EXCERPTED RECORDS:

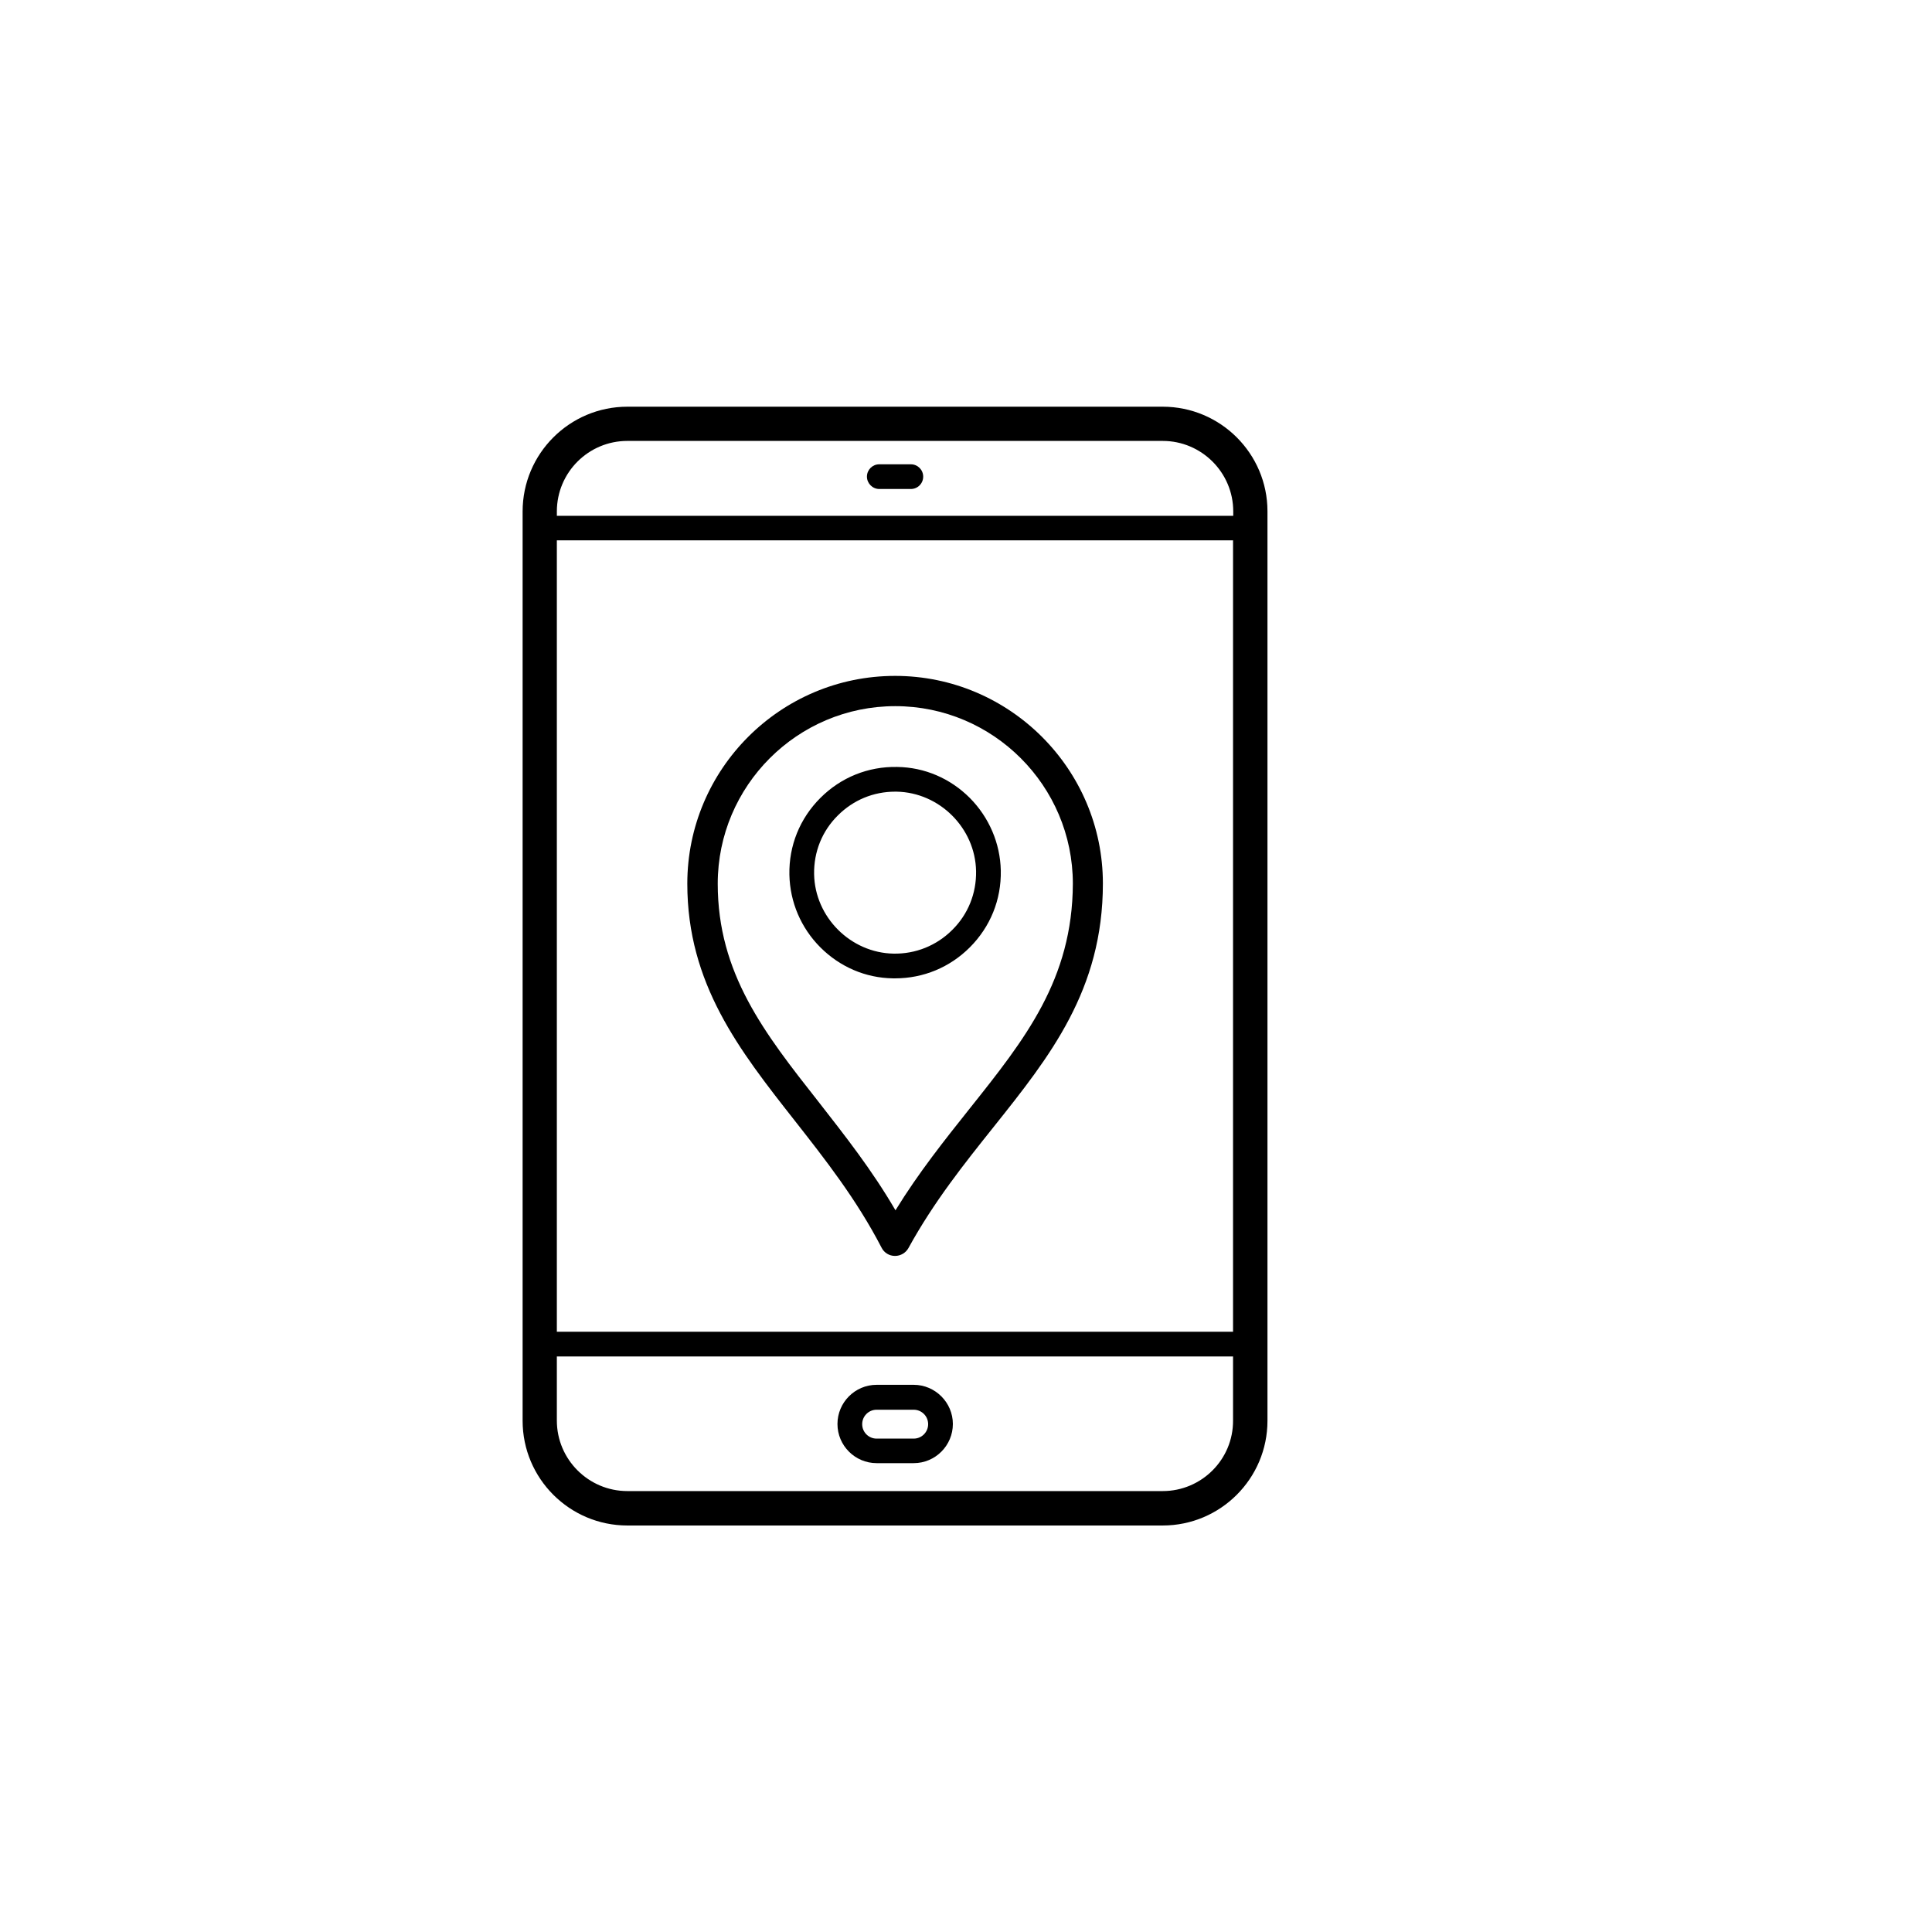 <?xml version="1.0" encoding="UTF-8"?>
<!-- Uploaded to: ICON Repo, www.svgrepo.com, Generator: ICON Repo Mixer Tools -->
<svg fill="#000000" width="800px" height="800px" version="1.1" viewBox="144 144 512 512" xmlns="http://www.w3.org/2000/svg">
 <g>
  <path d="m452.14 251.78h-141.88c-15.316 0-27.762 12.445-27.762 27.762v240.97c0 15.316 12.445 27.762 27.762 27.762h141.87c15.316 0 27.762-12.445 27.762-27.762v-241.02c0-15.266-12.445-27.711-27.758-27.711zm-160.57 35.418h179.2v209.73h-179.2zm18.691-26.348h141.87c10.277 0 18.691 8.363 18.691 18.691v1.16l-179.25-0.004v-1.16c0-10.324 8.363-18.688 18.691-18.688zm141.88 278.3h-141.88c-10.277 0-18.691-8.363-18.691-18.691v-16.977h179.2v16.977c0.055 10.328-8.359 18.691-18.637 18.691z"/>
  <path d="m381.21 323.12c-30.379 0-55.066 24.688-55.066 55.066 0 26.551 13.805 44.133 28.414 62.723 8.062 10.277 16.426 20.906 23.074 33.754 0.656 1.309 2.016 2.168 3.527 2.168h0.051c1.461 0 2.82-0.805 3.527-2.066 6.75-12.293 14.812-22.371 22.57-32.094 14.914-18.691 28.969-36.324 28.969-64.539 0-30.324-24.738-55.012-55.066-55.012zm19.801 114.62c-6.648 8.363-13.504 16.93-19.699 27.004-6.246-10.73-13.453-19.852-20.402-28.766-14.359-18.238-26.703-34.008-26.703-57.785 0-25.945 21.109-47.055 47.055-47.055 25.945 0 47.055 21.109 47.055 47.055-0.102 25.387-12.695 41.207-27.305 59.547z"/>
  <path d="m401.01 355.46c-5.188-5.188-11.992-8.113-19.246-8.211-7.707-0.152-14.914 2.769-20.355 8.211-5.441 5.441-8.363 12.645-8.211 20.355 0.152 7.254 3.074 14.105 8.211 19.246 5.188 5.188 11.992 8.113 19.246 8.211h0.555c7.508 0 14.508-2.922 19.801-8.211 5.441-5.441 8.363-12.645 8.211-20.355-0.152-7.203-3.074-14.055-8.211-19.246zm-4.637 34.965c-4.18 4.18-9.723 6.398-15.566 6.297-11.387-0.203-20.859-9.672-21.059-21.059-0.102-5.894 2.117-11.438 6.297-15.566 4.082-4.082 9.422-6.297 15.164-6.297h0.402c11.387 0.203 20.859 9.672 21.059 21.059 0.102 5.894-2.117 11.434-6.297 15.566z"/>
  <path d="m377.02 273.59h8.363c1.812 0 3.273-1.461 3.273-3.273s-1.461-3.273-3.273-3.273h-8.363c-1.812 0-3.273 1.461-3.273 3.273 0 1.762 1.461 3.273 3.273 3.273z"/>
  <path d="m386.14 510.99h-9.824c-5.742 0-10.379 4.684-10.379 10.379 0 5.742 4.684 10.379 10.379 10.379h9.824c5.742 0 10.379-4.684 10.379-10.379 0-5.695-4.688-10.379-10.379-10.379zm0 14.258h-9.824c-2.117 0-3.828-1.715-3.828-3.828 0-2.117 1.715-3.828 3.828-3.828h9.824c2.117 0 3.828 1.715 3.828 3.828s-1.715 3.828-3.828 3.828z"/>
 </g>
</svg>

WHAT THE TASK ASKS: With pictures excluded, the data must be transcribed in full and to the letter.

RESULT FOR THIS TASK:
 <?xml version="1.0" encoding="UTF-8"?>
<!-- Uploaded to: ICON Repo, www.svgrepo.com, Generator: ICON Repo Mixer Tools -->
<svg fill="#000000" width="800px" height="800px" version="1.1" viewBox="144 144 512 512" xmlns="http://www.w3.org/2000/svg">
 <g>
  <path d="m452.14 251.78h-141.88c-15.316 0-27.762 12.445-27.762 27.762v240.97c0 15.316 12.445 27.762 27.762 27.762h141.87c15.316 0 27.762-12.445 27.762-27.762v-241.02c0-15.266-12.445-27.711-27.758-27.711zm-160.57 35.418h179.2v209.73h-179.2zm18.691-26.348h141.87c10.277 0 18.691 8.363 18.691 18.691v1.16l-179.25-0.004v-1.16c0-10.324 8.363-18.688 18.691-18.688zm141.88 278.3h-141.88c-10.277 0-18.691-8.363-18.691-18.691v-16.977h179.2v16.977c0.055 10.328-8.359 18.691-18.637 18.691z"/>
  <path d="m381.21 323.12c-30.379 0-55.066 24.688-55.066 55.066 0 26.551 13.805 44.133 28.414 62.723 8.062 10.277 16.426 20.906 23.074 33.754 0.656 1.309 2.016 2.168 3.527 2.168h0.051c1.461 0 2.82-0.805 3.527-2.066 6.75-12.293 14.812-22.371 22.57-32.094 14.914-18.691 28.969-36.324 28.969-64.539 0-30.324-24.738-55.012-55.066-55.012zm19.801 114.62c-6.648 8.363-13.504 16.93-19.699 27.004-6.246-10.73-13.453-19.852-20.402-28.766-14.359-18.238-26.703-34.008-26.703-57.785 0-25.945 21.109-47.055 47.055-47.055 25.945 0 47.055 21.109 47.055 47.055-0.102 25.387-12.695 41.207-27.305 59.547z"/>
  <path d="m401.01 355.46c-5.188-5.188-11.992-8.113-19.246-8.211-7.707-0.152-14.914 2.769-20.355 8.211-5.441 5.441-8.363 12.645-8.211 20.355 0.152 7.254 3.074 14.105 8.211 19.246 5.188 5.188 11.992 8.113 19.246 8.211h0.555c7.508 0 14.508-2.922 19.801-8.211 5.441-5.441 8.363-12.645 8.211-20.355-0.152-7.203-3.074-14.055-8.211-19.246zm-4.637 34.965c-4.18 4.18-9.723 6.398-15.566 6.297-11.387-0.203-20.859-9.672-21.059-21.059-0.102-5.894 2.117-11.438 6.297-15.566 4.082-4.082 9.422-6.297 15.164-6.297h0.402c11.387 0.203 20.859 9.672 21.059 21.059 0.102 5.894-2.117 11.434-6.297 15.566z"/>
  <path d="m377.02 273.59h8.363c1.812 0 3.273-1.461 3.273-3.273s-1.461-3.273-3.273-3.273h-8.363c-1.812 0-3.273 1.461-3.273 3.273 0 1.762 1.461 3.273 3.273 3.273z"/>
  <path d="m386.14 510.99h-9.824c-5.742 0-10.379 4.684-10.379 10.379 0 5.742 4.684 10.379 10.379 10.379h9.824c5.742 0 10.379-4.684 10.379-10.379 0-5.695-4.688-10.379-10.379-10.379zm0 14.258h-9.824c-2.117 0-3.828-1.715-3.828-3.828 0-2.117 1.715-3.828 3.828-3.828h9.824c2.117 0 3.828 1.715 3.828 3.828s-1.715 3.828-3.828 3.828z"/>
 </g>
</svg>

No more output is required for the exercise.